EXHIBIT 10.2
FORM 10-Q
QUARTER ENDED JUNE 30, 1999
SEPARATION AGREEMENT
This Separation Agreement is made and entered into the 22nd
day of July, 1999 (the "Execution Date"), by and between Bucyrus
International, Inc., a Delaware corporation ("Bucyrus") and Xxxxxx X.
Smoke ("Executive").
WHEREAS, Executive is employed as Chief Financial Officer of
Bucyrus pursuant to an Employment Agreement ("Employment Agreement")
dated November 7, 1996 and Amendment No. 1 to Employment Agreement
("Amendment No. 1") dated March 17, 1998 (hereinafter collectively
referred to as the "Amended Employment Agreement"); and
WHEREAS, the parties hereto have mutually determined to
terminate Executive's employment as specifically provided in this
Separation Agreement.
NOW, THEREFORE, for and in consideration of the mutual
promises and covenants herein contained and for good and valuable
consideration, the sufficiency of which is hereby acknowledged, the
parties hereto agree as follows:
1. Termination of Prior Agreements. The parties agree
that on September 30, 1999, except as specifically provided in this
Separation Agreement, the Amended Employment Agreement and any
exhibits, amendments or addendums thereto, and any prior agreements and
understandings between the parties, whether oral or written are hereby
canceled, terminated and superseded by this Separation Agreement and
shall be of no further force or effect.
2. Terms of Separation. The parties agree as follows:
(a) Executive's employment with Bucyrus will
terminate on September 30, 1999. Executive has been given two months
written notice of termination as provided in Paragraph 9(a) of the
Employment Agreement.
(b) From the Execution Date through September 30,
1999:
(1) Executive will not be required to be
physically in his office at Bucyrus.
(2) Executive will be on call to Bucyrus on an
"as needed basis". Provided, however, that Executive will be given
reasonable notice if travel is required, he will be reimbursed for all
out of pocket expenses, and further provided that the parties agree that
Executive will be unavailable to Bucyrus during the period August 15,
1999 to September 4, 1999.
(3) Executive will have use of his laptop
computer.
(c) Executive shall have use of his company
automobile until July 31, 1999, at which time he will return the
automobile to a representative of Bucyrus.

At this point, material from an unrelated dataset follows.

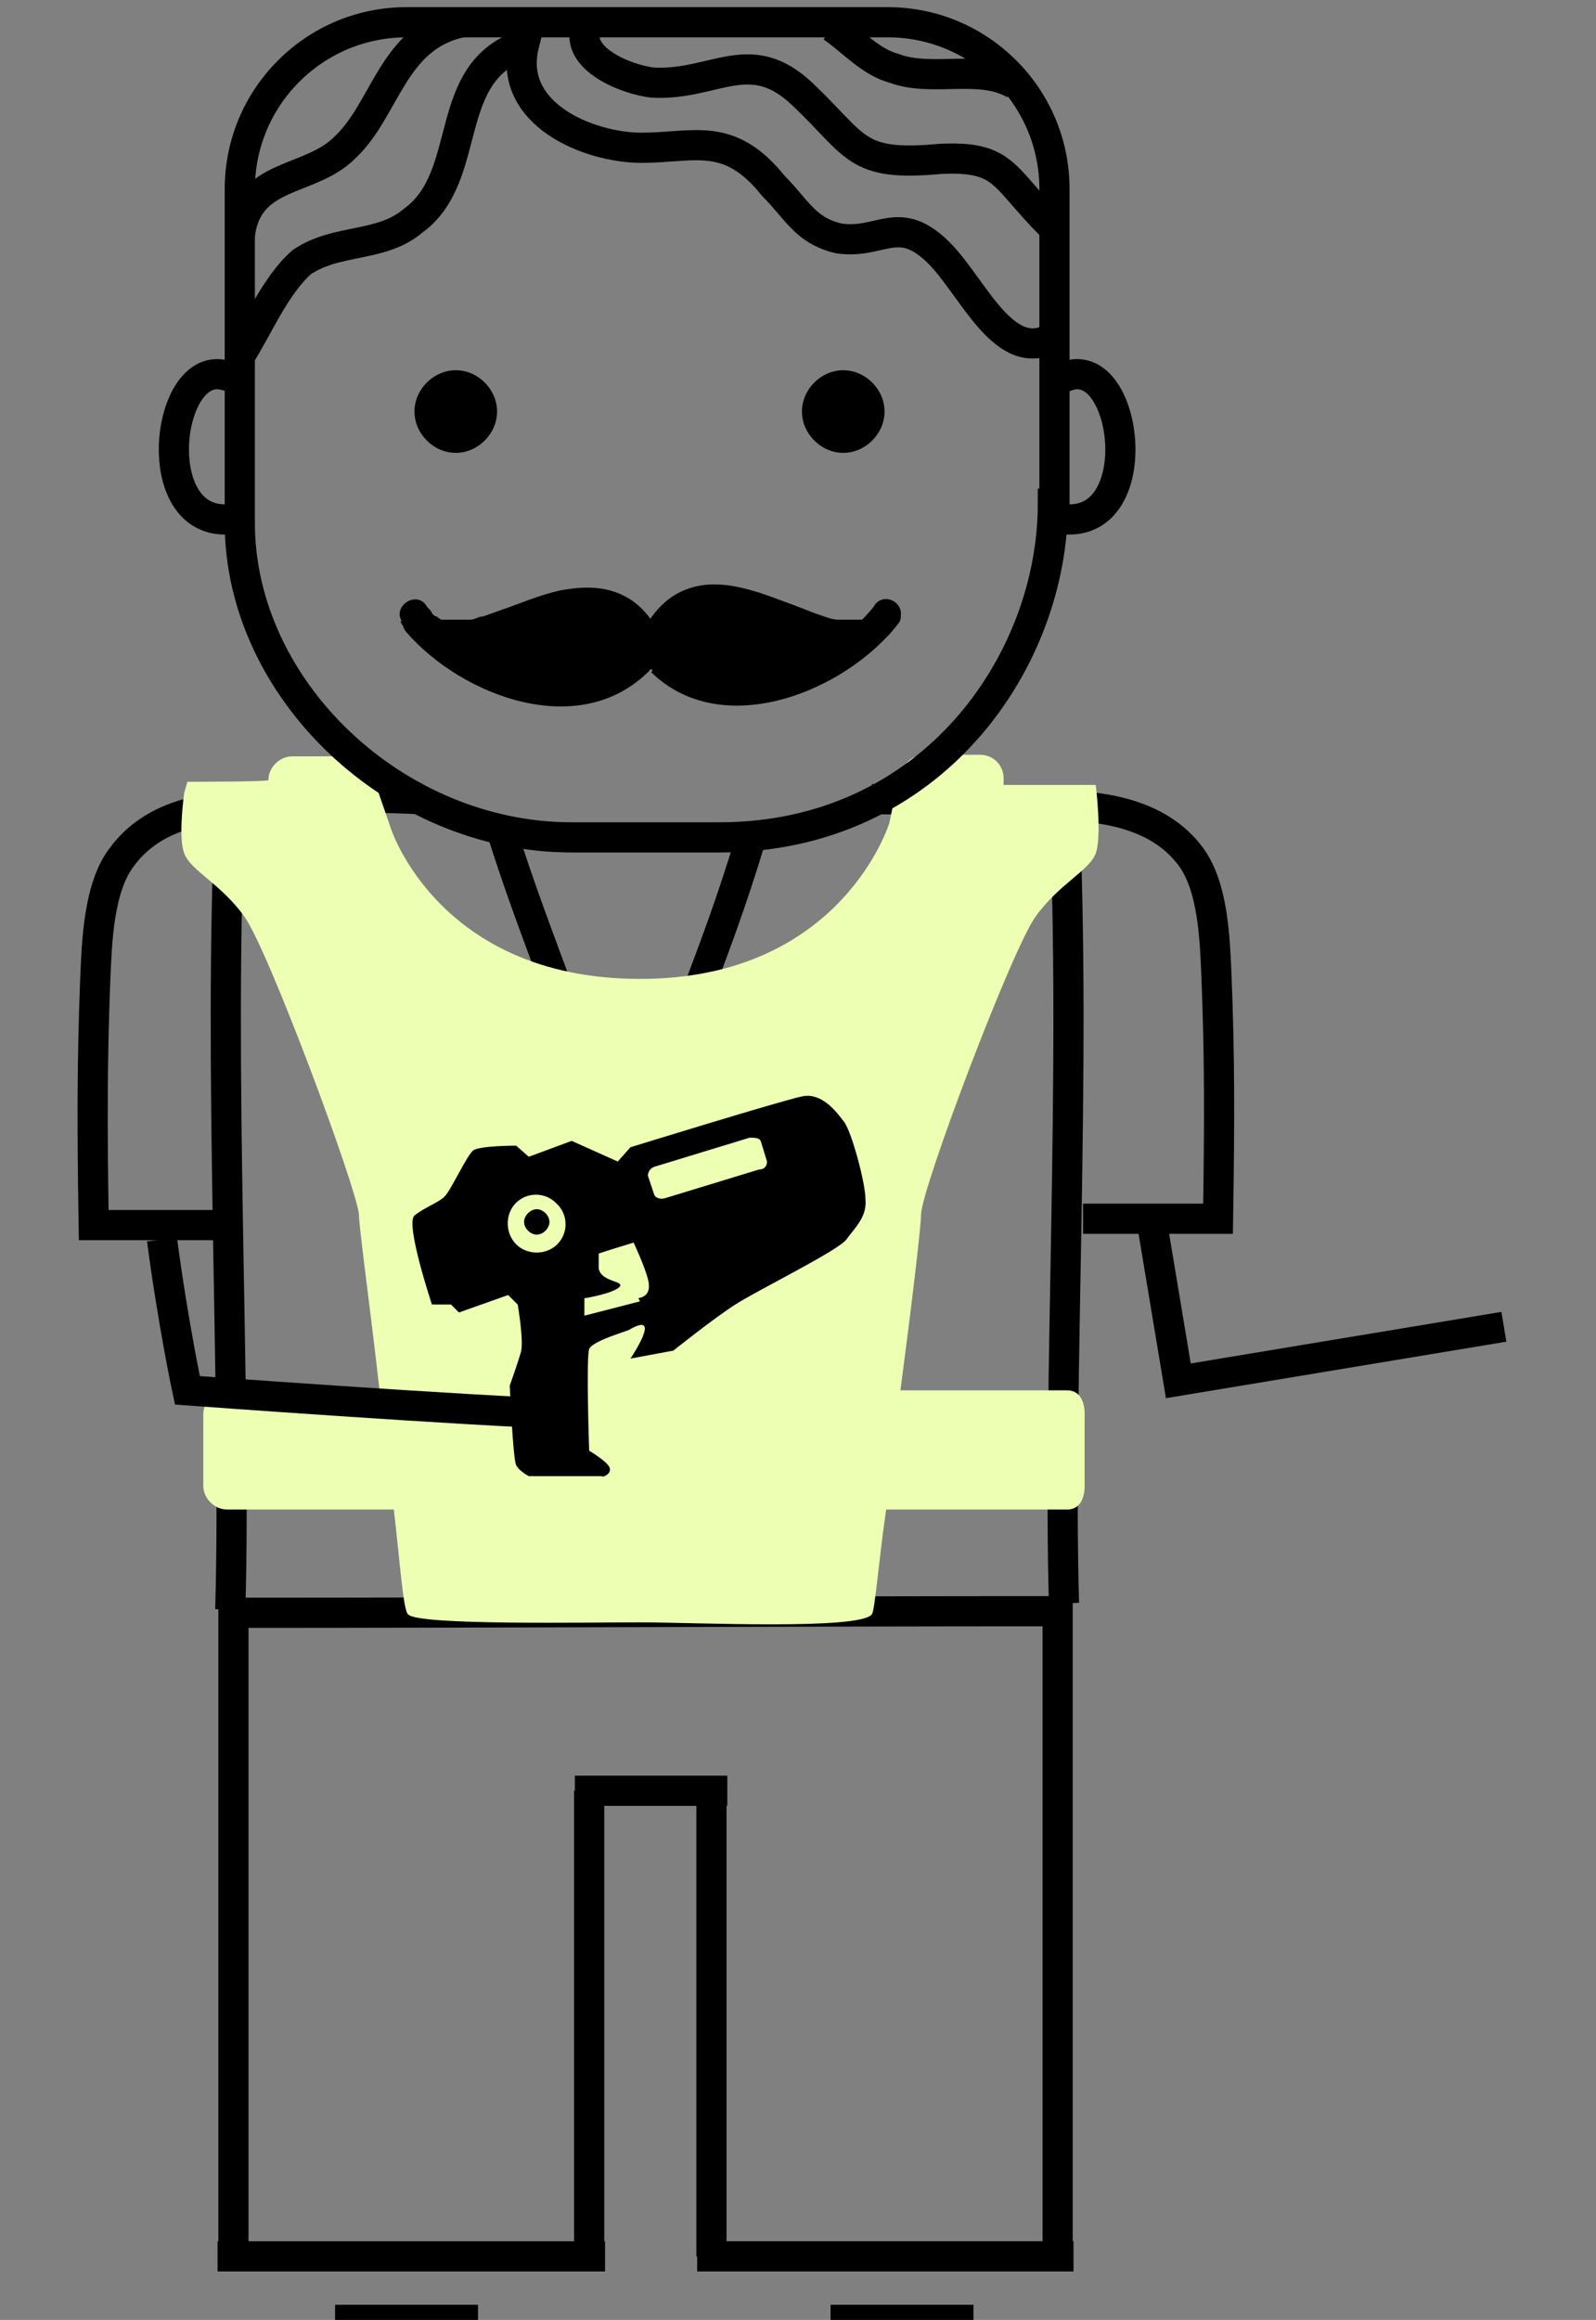<?xml version="1.0" encoding="UTF-8"?> <svg xmlns="http://www.w3.org/2000/svg" id="Bowling_Illustration" data-name="Bowling Illustration" version="1.1" viewBox="0 0 100.5 146"><rect x="0" y="0" width="100.5" height="146" fill="#808080" stroke="none"/><defs><style> .cls-1 { fill: none; stroke: #000; stroke-miterlimit: 10; stroke-width: 1.9px; } .cls-2 { fill: #edffb3; } .cls-2, .cls-3 { stroke-width: 0px; } .cls-3 { fill: #000; } </style></defs><path class="cls-1" d="M66.6,101.4c-16.2,0-35.5.1-51.7.1"></path><line class="cls-1" x1="14.7" y1="100.8" x2="14.7" y2="141.5"></line><line class="cls-1" x1="37.1" y1="112.7" x2="37.1" y2="142"></line><line class="cls-1" x1="44.8" y1="112.9" x2="44.8" y2="142"></line><line class="cls-1" x1="66.6" y1="100.8" x2="66.6" y2="141.7"></line><line class="cls-1" x1="36.2" y1="112.7" x2="45.8" y2="112.7"></line><path class="cls-1" d="M13.7,142c6.9,0,17.5,0,24.4,0"></path><line class="cls-1" x1="43.9" y1="142" x2="67.6" y2="142"></line><path class="cls-1" d="M31.5,52c2.5,8,4.8,12.3,8,23.7,3.7-12.5,5.2-14.4,7.8-23"></path><path class="cls-1" d="M15.1,22.4c1.1-1.7,2.2-4.4,3.9-5.9,2.2-1.5,5-.9,7-2.6,3.9-2.8,1.7-9.4,7-11.1-1.1,4.4,4.1,6.5,7.4,6.5s5.5-1.1,8.3,2.4c1.5,1.5,2,2.8,4.1,3.3,2.6.4,3.7-1.5,6.1.7,2.2,2,4.1,7,7.1,5.7"></path><path class="cls-1" d="M36.9,1.7c-.7,2,2.5,3.3,4.2,3.5,3.9.2,6.1-2.4,9.4.7,3.5,3.3,3.3,4.6,8.7,4.1,4.1-.2,3.9,1.1,7,4.2"></path><path class="cls-1" d="M52.4,1.7c1.3.9,2.4,2.2,3.9,2.6,2.4.9,5.4-.3,7.6,1"></path><path class="cls-1" d="M29.1,1.4c-4.4.9-4.8,5.5-7.4,7.9-2.2,2.2-6.1,1.5-6.6,5.5"></path><path class="cls-1" d="M26.6,50.3c-6.9-.3-8.4,0-12.1.3-.8,16.6.4,37.1,0,50.7"></path><path class="cls-1" d="M54.9,50.3c3.5,0,7.1,0,12.1.3.8,16.6-.4,36.8,0,50.3"></path><line class="cls-1" x1="21.1" y1="146" x2="30.1" y2="146"></line><line class="cls-1" x1="52.3" y1="146" x2="61.3" y2="146"></line><path class="cls-3" d="M31.3,25.9c0,1.4-1.2,2.6-2.6,2.6s-2.6-1.2-2.6-2.6,1.2-2.6,2.6-2.6,2.6,1.2,2.6,2.6"></path><path class="cls-3" d="M55.7,25.9c0,1.4-1.2,2.6-2.6,2.6s-2.6-1.2-2.6-2.6,1.2-2.6,2.6-2.6,2.6,1.2,2.6,2.6"></path><path class="cls-1" d="M15,32.6c-5.8,1.2-4.7-9.9-.9-9l.8.2"></path><path class="cls-1" d="M66.5,32.6c5.8,1.2,4.7-9.9.9-9l-.6.2"></path><path class="cls-1" d="M14,50.8c-1.9.2-4.6.8-6.3,3.1-1.5,1.9-1.6,5.4-1.7,7.7-.2,5.1-.2,9.2-.1,15.5,3,0,5.1,0,8,0"></path><path class="cls-1" d="M68.6,50.8c1.9.2,4.6.8,6.3,3,1.5,1.9,1.6,5.3,1.7,7.6.2,5,.2,9,.1,15.3-3.6,0-5.6,0-8.5,0"></path><path class="cls-2" d="M69.1,49.4h-5.9v-.4c0-.8-.6-1.5-1.5-1.5h-3.5c-.8,0-1.5.7-1.5,1.5l-.2.4-.5,2.4s-2.9,9.5-15.1,9.8c-13.2.3-16.3-9.5-16.3-9.5l-1-2.9h0c0-1-.7-1.6-1.5-1.6h-3.7c-.8,0-1.5.7-1.5,1.5h0c0,.1-5.1.1-5.1.1l-.2.7s-.4,2.8,0,3.8c.4,1.1,2.3,1.9,3.8,4,1.5,2.1,7,16.9,7.2,18.7,0,.8.7,5.8,1.3,11.1h-9.6c-.8,0-1.5.7-1.5,1.5v4.5c0,.8.7,1.5,1.5,1.5h10.5c.4,3.5.6,6.4.9,6.6.6.7,11.2.5,14.6.5s13.8.5,14.6-.5c.2-.3.4-3.1.9-6.6h11.4c.8,0,1.1-.7,1.1-1.5v-4.5c0-.8-.3-1.5-1.1-1.5h-10.5c.7-5.3,1.3-10.3,1.3-11.1.1-1.8,5.7-16.6,7.2-18.7,1.5-2.1,3.4-2.9,3.8-4,.4-1.1,0-4.3,0-4.3"></path><path class="cls-1" d="M66.3,31.7c0,9.9-7.6,21-21,21h-9.3c-11.1,0-20.9-9.3-20.9-19.8V11.9c0-5.8,4.7-10.5,10.5-10.5h30.3c5.8,0,10.5,4.7,10.5,10.5v19.8Z"></path><path class="cls-3" d="M26.9,76.9c-.2.3-.2.6,0,.9.2.2.6.2.9,0,.2-.3.2-.6,0-.9-.2-.2-.6-.2-.9,0"></path><path class="cls-3" d="M53.3,70.8c-.4-.5-1.4-2.1-2.8-1.8-1.4.3-10.8,3.2-10.8,3.2l-.8.9-2.9-1.3-2.7,1-.8-.7s-2.3,0-2.7.3c-.4.3-1.4,2.5-1.8,2.9-.4.4-1.3.7-1.9,1.2-.6.5,1.1,5.6,1.1,5.6h1.2c0,0,.5.5.5.5l3.1-1.1.6.6s.4,2.3.2,3c-.2.7-.7,2.1-.7,2.1,0,0,.2,4.6.4,5,.2.4.8.7.8.7h4.6c0,.1.6-.1.5-.5-.1-.4-1.3-1.1-1.3-1.1,0,0-.2-5.8,0-6.4.2-.5,2.3-1.1,2.5-1.2,2.2-1.3.1,1.8.1,1.8l2.7-.5s2.5-2,3.9-2.9c1.4-.9,6.5-3.4,7-4.1.5-.7,1.3-1.4,1.2-2.5,0-1.1-.9-4.3-1.3-4.8M35.2,78.2c-.7.8-1.9.8-2.6.2-.8-.7-.8-1.9-.2-2.6.7-.8,1.9-.8,2.6-.1.8.7.8,1.9.1,2.6M40.3,81.9c-.4.1-3.5.9-3.5.9v-1.1c.1,0,1.8-.3,2.2-.7.4-.4-1.2-.3-1.3-1.2v-.9c-.1,0,2.2-.7,2.2-.7,0,0,.7,1.5.9,2.3.2.8-.1,1.1-.6,1.2M47.8,73.6l-5.9,1.8c-.3.1-.6,0-.7-.2l-.4-1.2c0-.2.1-.5.5-.6l5.9-1.8c.3,0,.6,0,.7.2l.4,1.3c0,.2-.1.5-.5.5"></path><path class="cls-3" d="M34.6,76.9c0,.4-.4.8-.8.8s-.8-.4-.8-.8.4-.8.8-.8.8.4.8.8"></path><path class="cls-1" d="M10.2,78c.7,5.3,1.6,9.5,1.6,9.5,0,0,17.7,1.3,24.2,1.5"></path><path class="cls-3" d="M25.2,39.1c.6,1.1,1.6,1.8,2.8,2,1.1.1,2.2-.2,3.2-.5,1.2-.4,2.3-.9,3.5-1.3.6-.2,1.1-.3,1.7-.4-.2,0,.2,0,.2,0,.1,0,.3,0,.4,0,.1,0,.2,0,.4,0,0,0,.2,0,0,0,0,0,.2,0,.2,0,.2,0,.3,0,.5.1,0,0,0,0,.1,0-.2,0,0,0,.1,0,.4.2.4.2.7.5.5.5.9,1.1,1.2,1.9.2.5.6.8,1.1.7.4-.1.8-.7.7-1.1-.5-1.4-1.3-2.8-2.7-3.5-1.2-.6-2.4-.6-3.7-.4-1.2.2-2.4.7-3.5,1.1-.6.2-1.1.4-1.7.6-.3,0-.5.2-.8.2-.1,0-.3,0-.4,0,0,0-.1,0-.2,0,0,0,0,0,0,0,0,0,0,0-.1,0-.3,0-.5,0-.8,0-.2,0,.2,0,0,0,0,0-.1,0-.2,0,0,0,0,0-.1,0-.2,0,0,0,0,0,0,0-.2-.1-.3-.2,0,0-.2-.2,0,0,0,0-.1,0-.2-.1,0,0,0,0-.1-.1-.2-.2,0,0,0,0,0-.1-.2-.3-.3-.4-.6-1.1-2.2-.1-1.6.9"></path><path class="cls-3" d="M39.5,41c-3.6,3.5-9.8.7-12.6-2.5-.8-.9-2.1.4-1.3,1.3,3.5,4,10.8,6.8,15.2,2.5.9-.8-.5-2.2-1.3-1.3"></path><path class="cls-3" d="M55.1,38.1c0,.1-.1.2-.2.4-.1.2,0,0-.1.2,0,0-.2.2-.3.2.2-.1-.1,0-.2.1,0,0,0,0-.1,0-.2.1.2,0,0,0,0,0-.2,0-.3,0-.3,0,0,0-.1,0-.1,0-.3,0-.4,0-.1,0-.2,0-.4,0-.3,0,0,0-.2,0-.3,0-.6-.1-.9-.2-.6-.2-1.1-.4-1.6-.6-2.2-.8-4.8-2-7.1-1.1-1.6.6-2.6,2.1-3.2,3.7-.2.5.2,1,.7,1.1.5.1,1-.2,1.1-.7.1-.3.3-.7.5-1,.2-.3.3-.5.5-.7,0,0,.2-.2.3-.3,0,0,.2-.2,0,0,0,0,0,0,.1,0,.1,0,.2-.1.3-.2,0,0,.2-.1.1,0-.1,0,.2,0,.2,0,.1,0,.2,0,.4,0,0,0,.1,0,.2,0,.2,0-.1,0,0,0,.3,0,.6,0,.8,0,0,0,.4,0,.2,0,.1,0,.3,0,.4,0,.3,0,.6.1.8.2,2.2.6,4.4,2,6.8,1.9,1.4,0,2.5-.8,3.2-2,.6-1.1-1-2-1.6-.9"></path><path class="cls-3" d="M41,42.3c4.5,4.4,12.3,1.2,15.6-3.1.3-.4,0-1-.3-1.3-.5-.3-1,0-1.3.3-1.5,1.9-3.8,3.2-6,3.9-2.3.7-4.8.6-6.6-1.2-.9-.8-2.2.5-1.3,1.3"></path><path class="cls-3" d="M29.2,40.5s7.4-2.6,8.4-2.1c1.1.6,3.1,2.3,3.1,2.3,0,0,2.8-2.8,4.7-2.4,1.9.4,7.4,2.3,7.4,2.3,0,0-4.4,2.9-6.2,2.6-1.9-.4-6-1.8-6-1.8,0,0-1.8,1-3.1,1.5-1.3.5-6.3,0-8.4-2.3"></path><polyline class="cls-1" points="72.5 76.7 74.2 86.9 94.7 83.5"></polyline></svg>

(d) The Change of Control provision of the Amended
Employment Agreement shall remain in effect through and until
September 30, 1999.
(e) After September 30, 1999, if Bucyrus requests
consulting services and Executive agrees to provide consulting services
to Bucyrus as an independent contractor, such consulting services will
be provided at a rate of $1,000.00 per day, plus expenses.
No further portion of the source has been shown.